Without including any pictures, copy each entry below exactly.

BEGIN

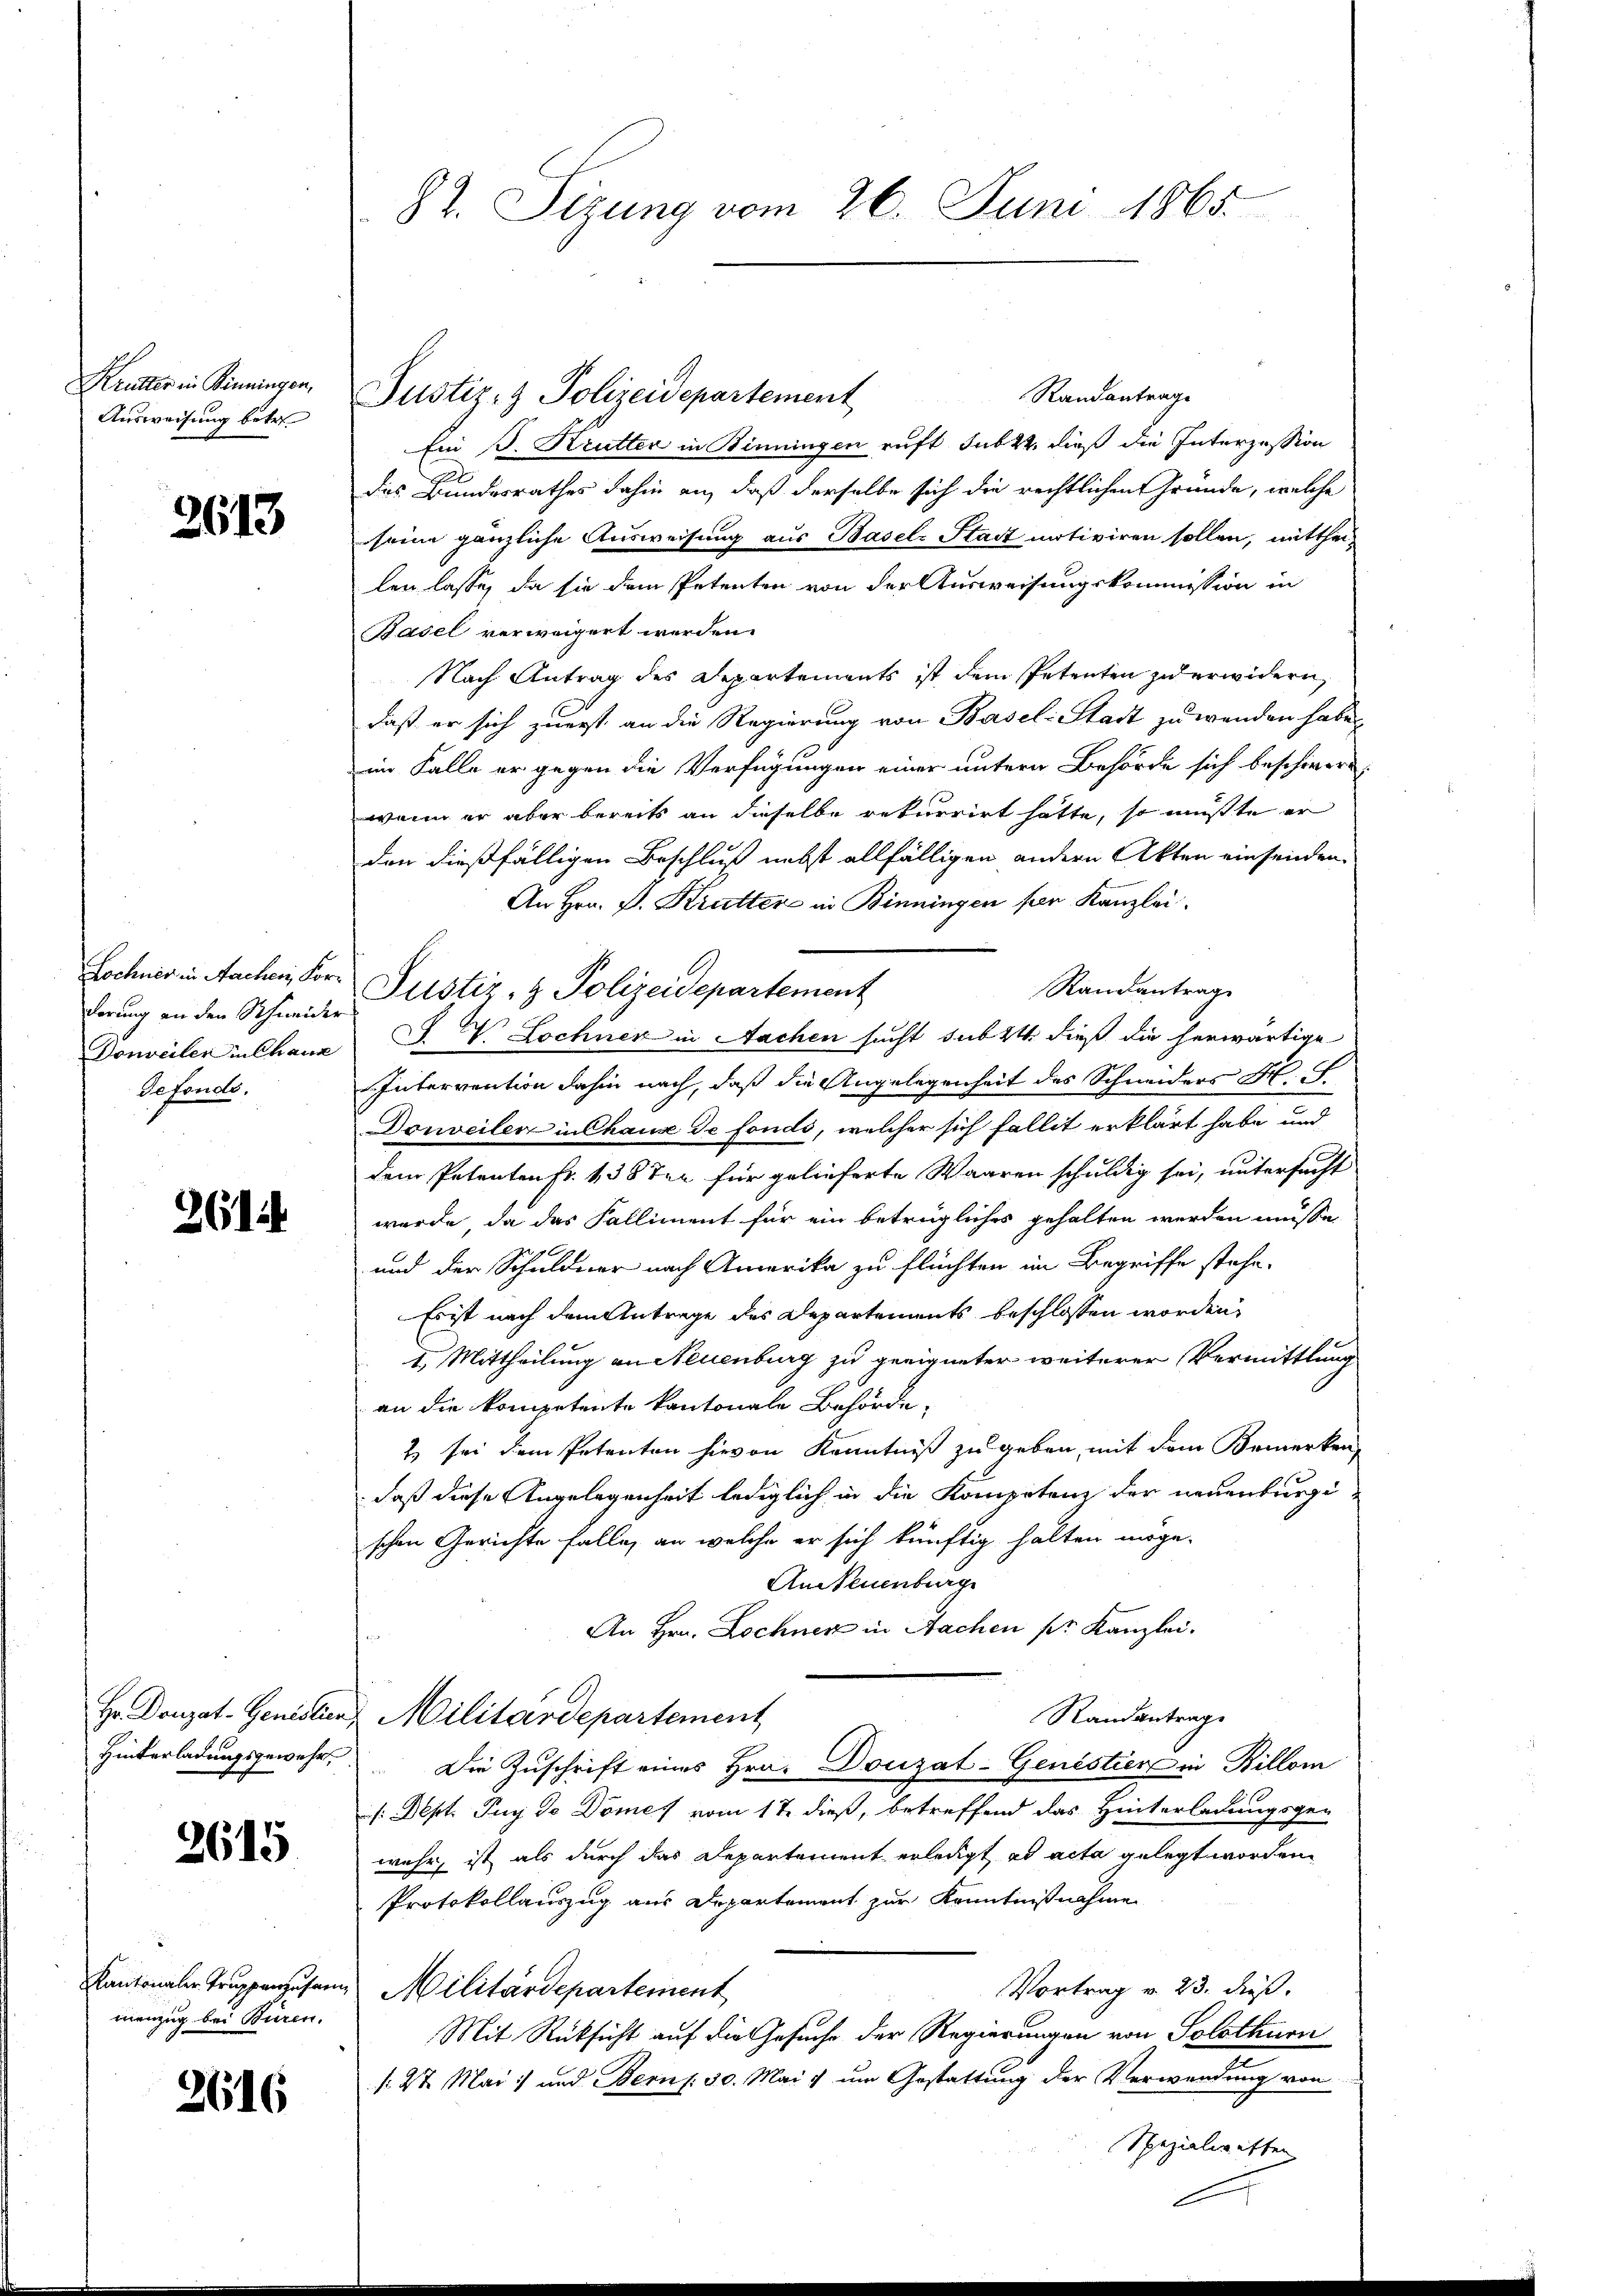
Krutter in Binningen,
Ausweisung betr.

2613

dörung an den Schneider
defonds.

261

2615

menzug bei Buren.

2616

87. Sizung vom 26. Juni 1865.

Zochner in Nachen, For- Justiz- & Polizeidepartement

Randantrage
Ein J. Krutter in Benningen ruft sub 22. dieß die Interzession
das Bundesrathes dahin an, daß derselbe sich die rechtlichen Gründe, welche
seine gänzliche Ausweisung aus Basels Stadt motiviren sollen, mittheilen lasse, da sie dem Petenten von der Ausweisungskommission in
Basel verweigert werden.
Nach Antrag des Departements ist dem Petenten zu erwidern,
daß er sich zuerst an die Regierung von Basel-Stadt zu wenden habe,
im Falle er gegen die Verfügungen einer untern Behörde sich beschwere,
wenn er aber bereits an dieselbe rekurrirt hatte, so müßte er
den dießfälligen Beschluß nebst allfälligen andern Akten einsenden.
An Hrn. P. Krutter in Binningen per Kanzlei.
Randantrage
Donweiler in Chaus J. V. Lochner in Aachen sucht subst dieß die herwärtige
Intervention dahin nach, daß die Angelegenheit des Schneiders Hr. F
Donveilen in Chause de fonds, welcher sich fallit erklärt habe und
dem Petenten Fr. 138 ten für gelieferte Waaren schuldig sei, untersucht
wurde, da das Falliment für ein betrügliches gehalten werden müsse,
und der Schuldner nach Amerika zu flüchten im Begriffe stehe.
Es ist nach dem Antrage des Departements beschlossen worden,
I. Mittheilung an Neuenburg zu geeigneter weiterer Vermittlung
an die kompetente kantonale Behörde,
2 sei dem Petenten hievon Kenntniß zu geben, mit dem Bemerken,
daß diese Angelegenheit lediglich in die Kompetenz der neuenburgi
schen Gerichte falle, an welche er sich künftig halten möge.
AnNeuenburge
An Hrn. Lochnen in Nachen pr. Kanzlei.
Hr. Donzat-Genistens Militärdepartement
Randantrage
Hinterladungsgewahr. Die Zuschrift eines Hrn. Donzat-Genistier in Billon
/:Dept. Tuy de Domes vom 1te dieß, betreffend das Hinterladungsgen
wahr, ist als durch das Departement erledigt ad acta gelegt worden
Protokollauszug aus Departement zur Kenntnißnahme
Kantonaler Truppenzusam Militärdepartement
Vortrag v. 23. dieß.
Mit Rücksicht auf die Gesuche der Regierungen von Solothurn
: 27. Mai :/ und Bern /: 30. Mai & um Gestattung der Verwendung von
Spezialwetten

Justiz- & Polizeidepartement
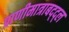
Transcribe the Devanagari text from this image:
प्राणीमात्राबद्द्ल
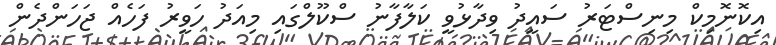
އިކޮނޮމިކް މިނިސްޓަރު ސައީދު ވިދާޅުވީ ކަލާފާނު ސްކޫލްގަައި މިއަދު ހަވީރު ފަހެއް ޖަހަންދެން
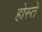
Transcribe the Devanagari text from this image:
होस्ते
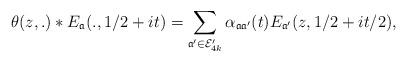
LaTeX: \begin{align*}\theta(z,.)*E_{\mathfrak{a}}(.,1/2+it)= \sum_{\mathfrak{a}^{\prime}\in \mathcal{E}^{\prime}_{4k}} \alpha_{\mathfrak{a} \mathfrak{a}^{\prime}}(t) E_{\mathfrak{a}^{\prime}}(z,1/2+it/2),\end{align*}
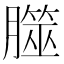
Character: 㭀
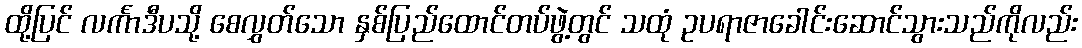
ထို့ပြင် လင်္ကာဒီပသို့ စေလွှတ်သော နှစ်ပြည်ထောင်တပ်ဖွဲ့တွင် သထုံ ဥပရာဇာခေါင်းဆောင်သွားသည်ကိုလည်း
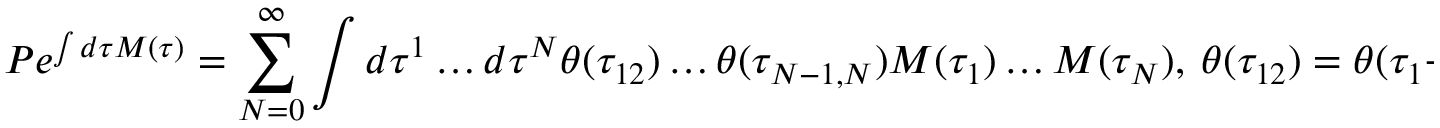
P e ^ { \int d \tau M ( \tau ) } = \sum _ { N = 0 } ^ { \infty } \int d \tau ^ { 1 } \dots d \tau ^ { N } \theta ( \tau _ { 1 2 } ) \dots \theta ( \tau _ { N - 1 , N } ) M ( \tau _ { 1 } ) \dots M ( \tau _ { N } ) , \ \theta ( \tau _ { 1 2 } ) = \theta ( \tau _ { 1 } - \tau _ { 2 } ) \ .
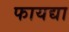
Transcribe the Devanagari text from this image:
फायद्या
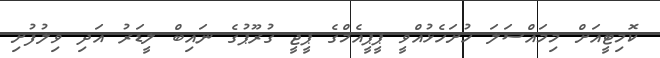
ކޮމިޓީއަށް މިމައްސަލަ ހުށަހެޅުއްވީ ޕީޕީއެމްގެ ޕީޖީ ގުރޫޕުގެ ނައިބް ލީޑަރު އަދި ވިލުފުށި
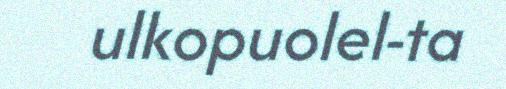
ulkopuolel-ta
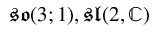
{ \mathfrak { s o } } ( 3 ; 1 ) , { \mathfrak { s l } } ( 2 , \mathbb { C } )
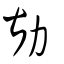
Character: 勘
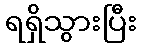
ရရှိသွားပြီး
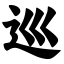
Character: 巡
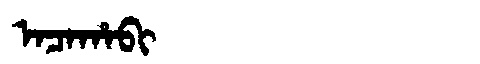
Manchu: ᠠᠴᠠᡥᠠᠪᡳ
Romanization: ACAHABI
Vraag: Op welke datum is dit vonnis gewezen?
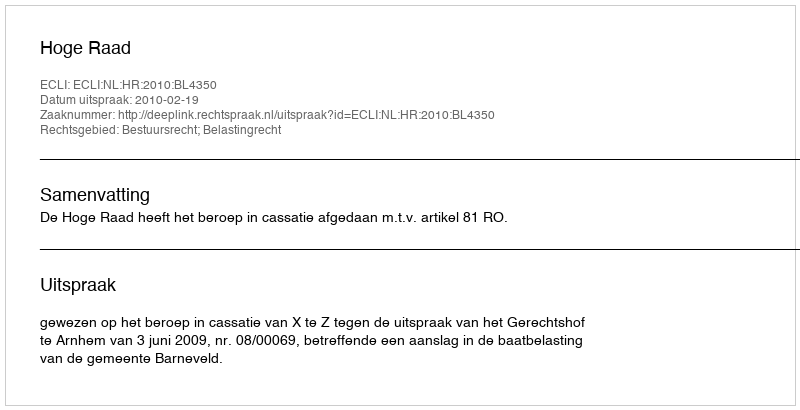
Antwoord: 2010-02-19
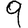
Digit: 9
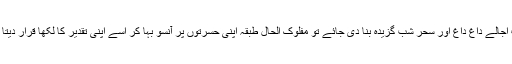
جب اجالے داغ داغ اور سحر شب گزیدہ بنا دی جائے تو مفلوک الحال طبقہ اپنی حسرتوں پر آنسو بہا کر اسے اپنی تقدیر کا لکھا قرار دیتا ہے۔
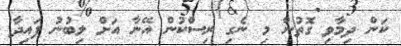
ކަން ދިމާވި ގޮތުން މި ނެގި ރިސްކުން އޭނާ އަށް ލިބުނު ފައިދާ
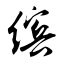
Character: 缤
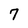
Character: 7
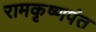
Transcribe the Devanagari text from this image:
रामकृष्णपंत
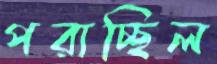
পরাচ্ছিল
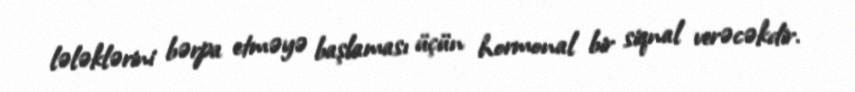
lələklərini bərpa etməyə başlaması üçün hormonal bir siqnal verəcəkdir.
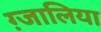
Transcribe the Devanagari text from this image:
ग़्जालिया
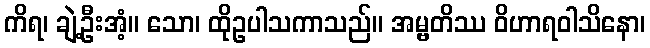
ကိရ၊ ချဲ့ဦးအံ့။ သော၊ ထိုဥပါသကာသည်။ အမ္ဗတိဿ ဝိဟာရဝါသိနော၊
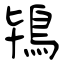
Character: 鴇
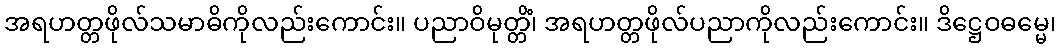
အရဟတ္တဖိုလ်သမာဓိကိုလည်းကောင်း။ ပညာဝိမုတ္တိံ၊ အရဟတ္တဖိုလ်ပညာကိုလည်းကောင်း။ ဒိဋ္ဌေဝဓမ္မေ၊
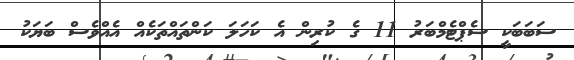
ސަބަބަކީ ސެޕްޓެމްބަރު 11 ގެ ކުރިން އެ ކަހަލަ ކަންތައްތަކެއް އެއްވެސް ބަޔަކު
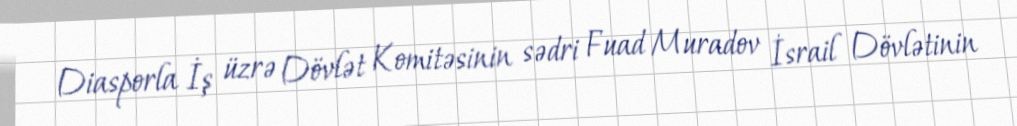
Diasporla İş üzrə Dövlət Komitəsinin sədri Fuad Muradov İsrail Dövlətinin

END

> Written solution
Krutter in Binningen,
Ausweisung betr.

2613

dörung an den Schneider
defonds.

261

2615

menzug bei Buren.

2616

87. Sizung vom 26. Juni 1865.

Zochner in Nachen, For- Justiz- & Polizeidepartement

Randantrage
Ein J. Krutter in Benningen ruft sub 22. dieß die Interzession
das Bundesrathes dahin an, daß derselbe sich die rechtlichen Gründe, welche
seine gänzliche Ausweisung aus Basels Stadt motiviren sollen, mittheilen lasse, da sie dem Petenten von der Ausweisungskommission in
Basel verweigert werden.
Nach Antrag des Departements ist dem Petenten zu erwidern,
daß er sich zuerst an die Regierung von Basel-Stadt zu wenden habe,
im Falle er gegen die Verfügungen einer untern Behörde sich beschwere,
wenn er aber bereits an dieselbe rekurrirt hatte, so müßte er
den dießfälligen Beschluß nebst allfälligen andern Akten einsenden.
An Hrn. P. Krutter in Binningen per Kanzlei.
Randantrage
Donweiler in Chaus J. V. Lochner in Aachen sucht subst dieß die herwärtige
Intervention dahin nach, daß die Angelegenheit des Schneiders Hr. F
Donveilen in Chause de fonds, welcher sich fallit erklärt habe und
dem Petenten Fr. 138 ten für gelieferte Waaren schuldig sei, untersucht
wurde, da das Falliment für ein betrügliches gehalten werden müsse,
und der Schuldner nach Amerika zu flüchten im Begriffe stehe.
Es ist nach dem Antrage des Departements beschlossen worden,
I. Mittheilung an Neuenburg zu geeigneter weiterer Vermittlung
an die kompetente kantonale Behörde,
2 sei dem Petenten hievon Kenntniß zu geben, mit dem Bemerken,
daß diese Angelegenheit lediglich in die Kompetenz der neuenburgi
schen Gerichte falle, an welche er sich künftig halten möge.
AnNeuenburge
An Hrn. Lochnen in Nachen pr. Kanzlei.
Hr. Donzat-Genistens Militärdepartement
Randantrage
Hinterladungsgewahr. Die Zuschrift eines Hrn. Donzat-Genistier in Billon
/:Dept. Tuy de Domes vom 1te dieß, betreffend das Hinterladungsgen
wahr, ist als durch das Departement erledigt ad acta gelegt worden
Protokollauszug aus Departement zur Kenntnißnahme
Kantonaler Truppenzusam Militärdepartement
Vortrag v. 23. dieß.
Mit Rücksicht auf die Gesuche der Regierungen von Solothurn
: 27. Mai :/ und Bern /: 30. Mai & um Gestattung der Verwendung von
Spezialwetten

Justiz- & Polizeidepartement
Transcribe the Devanagari text from this image:
प्राणीमात्राबद्द्ल
އިކޮނޮމިކް މިނިސްޓަރު ސައީދު ވިދާޅުވީ ކަލާފާނު ސްކޫލްގަައި މިއަދު ހަވީރު ފަހެއް ޖަހަންދެން
Transcribe the Devanagari text from this image:
होस्ते
LaTeX: \begin{align*}\theta(z,.)*E_{\mathfrak{a}}(.,1/2+it)= \sum_{\mathfrak{a}^{\prime}\in \mathcal{E}^{\prime}_{4k}} \alpha_{\mathfrak{a} \mathfrak{a}^{\prime}}(t) E_{\mathfrak{a}^{\prime}}(z,1/2+it/2),\end{align*}
Character: 㭀
ထို့ပြင် လင်္ကာဒီပသို့ စေလွှတ်သော နှစ်ပြည်ထောင်တပ်ဖွဲ့တွင် သထုံ ဥပရာဇာခေါင်းဆောင်သွားသည်ကိုလည်း
P e ^ { \int d \tau M ( \tau ) } = \sum _ { N = 0 } ^ { \infty } \int d \tau ^ { 1 } \dots d \tau ^ { N } \theta ( \tau _ { 1 2 } ) \dots \theta ( \tau _ { N - 1 , N } ) M ( \tau _ { 1 } ) \dots M ( \tau _ { N } ) , \ \theta ( \tau _ { 1 2 } ) = \theta ( \tau _ { 1 } - \tau _ { 2 } ) \ .
Transcribe the Devanagari text from this image:
फायद्या
ކޮމިޓީއަށް މިމައްސަލަ ހުށަހެޅުއްވީ ޕީޕީއެމްގެ ޕީޖީ ގުރޫޕުގެ ނައިބް ލީޑަރު އަދި ވިލުފުށި
ulkopuolel-ta
{ \mathfrak { s o } } ( 3 ; 1 ) , { \mathfrak { s l } } ( 2 , \mathbb { C } )
Character: 勘
ရရှိသွားပြီး
Character: 巡
Manchu: ᠠᠴᠠᡥᠠᠪᡳ
Romanization: ACAHABI
Vraag: Op welke datum is dit vonnis gewezen?
Antwoord: 2010-02-19
Digit: 9
جب اجالے داغ داغ اور سحر شب گزیدہ بنا دی جائے تو مفلوک الحال طبقہ اپنی حسرتوں پر آنسو بہا کر اسے اپنی تقدیر کا لکھا قرار دیتا ہے۔
ކަން ދިމާވި ގޮތުން މި ނެގި ރިސްކުން އޭނާ އަށް ލިބުނު ފައިދާ
Character: 缤
Character: 7
Transcribe the Devanagari text from this image:
रामकृष्णपंत
পরাচ্ছিল
lələklərini bərpa etməyə başlaması üçün hormonal bir siqnal verəcəkdir.
Transcribe the Devanagari text from this image:
ग़्जालिया
ကိရ၊ ချဲ့ဦးအံ့။ သော၊ ထိုဥပါသကာသည်။ အမ္ဗတိဿ ဝိဟာရဝါသိနော၊
Character: 鴇
အရဟတ္တဖိုလ်သမာဓိကိုလည်းကောင်း။ ပညာဝိမုတ္တိံ၊ အရဟတ္တဖိုလ်ပညာကိုလည်းကောင်း။ ဒိဋ္ဌေဝဓမ္မေ၊
ސަބަބަކީ ސެޕްޓެމްބަރު 11 ގެ ކުރިން އެ ކަހަލަ ކަންތައްތަކެއް އެއްވެސް ބަޔަކު
Diasporla İş üzrə Dövlət Komitəsinin sədri Fuad Muradov İsrail Dövlətinin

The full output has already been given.